By Doug Wright, plays Wednesdays-Sundays through June 1 at ArtsWest, 4711 California Ave. S.W., Seattle; $10-$29 (206-938-0339 or www.artswest.org).Theater Review |
There is something you should know about Doug Wright's Pulitzer Prize-honored play "I Am My Own Wife."
Its main character, the East Berlin antique collector Charlotte von Mahlsdorf, was a real person and her story is true.
Ah, but there's the rub. As the axiom goes, truth is usually the first casualty of war.
World War II and the Cold War are the backdrop for Wright's fascinating 2003 Broadway play, now in its laudable, if slow-moving, Seattle debut at ArtWest.
An ingenious study of the slippery nature of truth, mythmaking and profoundly disturbing aspects of 20th-century German culture (as well as human nature), "I Am My Own Wife" reveals its indomitable main character through several prisms.
We first meet this eccentric Berlin transvestite (played by resourceful Seattle actor Nick DeSantis, as are the play's several other roles) as a gay writer's dream date.

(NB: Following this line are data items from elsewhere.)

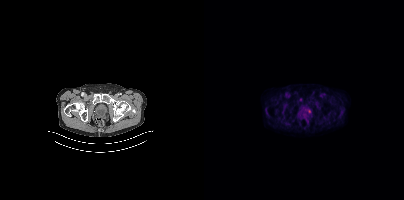
Technique: Paired axial CT (left) and PSMA PET (right), 18F tracer. acquired on Siemens Biograph mCT Flow 20. PET panel 200×200 px (4.1 mm/px).
Findings: Only PSMA-avid lesion pieces thinner than 2 px on this slice (not listed).
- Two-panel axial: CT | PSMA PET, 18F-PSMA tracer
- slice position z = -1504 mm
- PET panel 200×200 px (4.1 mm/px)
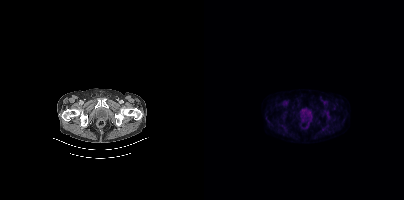
Findings: This slice has no annotated PSMA-avid lesion.
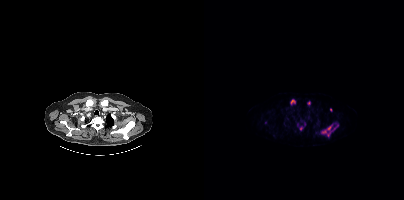
modality: PSMA PET/CT | tracer: 18F-PSMA | view: axial | PET grid: 200×200
Coordinates are on the 200×200 PET (right) panel. (showing 5 of 6 foci) PSMA-avid tumor lesion bounding boxes (x0, y0)-(x1, y1): (117, 124)-(134, 135) / (86, 99)-(91, 104) / (103, 101)-(106, 105). Small PSMA-avid foci (2 to 4 px across) near (center x, center y): (97, 128) / (126, 109).
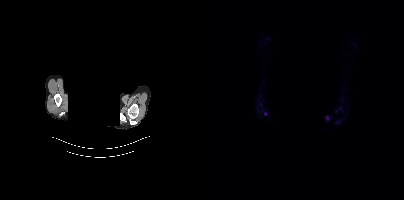
Two-panel axial: CT | PSMA PET, 18F tracer. Acquired on Siemens Biograph mCT Flow 20. Slice position z = -250 mm. A rectangle over the head was blacked out to remove identifiable facial features. Coordinates are on the 200×200 PET (right) panel. Small PSMA-avid foci (2 to 4 px across) near (center x, center y): (61, 113) / (123, 118).
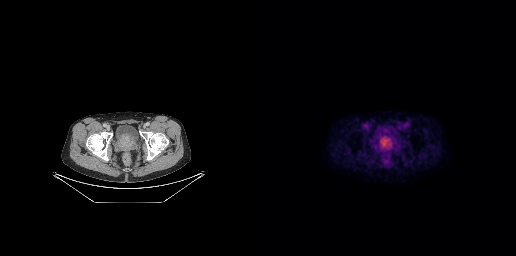
Coordinates are on the 256×256 PET (right) panel. PSMA-avid tumor lesion bounding box (x0, y0)-(x1, y1): (116, 134)-(135, 152). Paired axial CT (left) and PSMA PET (right), 18F tracer. PET panel 256×256 px (2.7 mm/px).

Oddly and dowdily garbed in accessorized nun's drag (black dress, head scarf, strand of pearls), Charlotte is the prim, gracious mistress of a private museum. Wright's eagerness for this quirky person to be an appealing dramatic subject, and a gay heroine, match up with Charlotte's own image of herself.

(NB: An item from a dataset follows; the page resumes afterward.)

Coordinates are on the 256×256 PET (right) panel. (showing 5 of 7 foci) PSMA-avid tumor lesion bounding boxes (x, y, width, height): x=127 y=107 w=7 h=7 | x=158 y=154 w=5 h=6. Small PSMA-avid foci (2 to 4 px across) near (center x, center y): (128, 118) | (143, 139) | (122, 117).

In excerpts from a series of interviews Wright conducted with her between 1992 and 1994, Charlotte (born Lothar Berfelde) recalls a youth defined by brutal encounters with an abusive father and marauding Nazis, and welcome support from a lesbian aunt.
Von Mahlsdorf's endurance as an open transvestite under fascism as deadly for gay people as it was for Jews, is remarkable. That also goes for "being herself" under East Germany's homophobic Communist regime.
But there's more to Charlotte, as Wright learns after the collapse of a state strangling in paranoia and internal espionage. And when her less-noble aspects surface, the veracity of everything Wright (and we) think we know about Charlotte is up for grabs.
This twisting ambiguity gives "I Am Own Wife" a bracing moral, historical and theatrical knottiness. As Bertolt Brecht might have, Wright ultimately finds in Charlotte's survival saga compromise, opportunism and tenacity. Neither villain nor hero, she was a "living, breathing illustration" of modern history.
The play offers a tour-de-force opportunity to the right actor. And DeSantis (under Christopher Zinovitch's direction) fills the bill admirably.
DeSantis is more robust and has darker features than the real Charlotte (shown briefly in archival photos), who died in 2002. Yet in voice and gesture, he expresses her dainty femininity tinged with coyness, and switches adeptly into other parts: the excitable Wright, or Charlotte's misused friend Alfred.
Only fluent German speakers will know for sure, but DeSantis seems to handle a daunting amount of German dialogue impressively (with assistant director Beth A. Cooper as dialect coach).
Most crucially, the ArtsWest veteran leaves us with an array of mixed emotions toward Charlotte — from sympathy to disgust.
But Zinovitch's handsome staging really does need to pick up the sluggish pacing. Otherwise, it prospers from Will Abrahamse's treasure-box set and Andrew D. Smith's deft lighting, which dynamically reveal the bric-a-brac of Charlotte's past — antique lamps and clocks and symbolic clothing (designed by SuzAnne Fabricus).
Both Seattle Repertory Theatre and the now-defunct Empty Space Theatre had plans to debut "I Am My Own Wife" earlier. But when the chance arose, ArtsWest snapped up the script.
With DeSantis front and center, that ambitious move is paying off. Some fine-tuning of the tempo should only make the show better.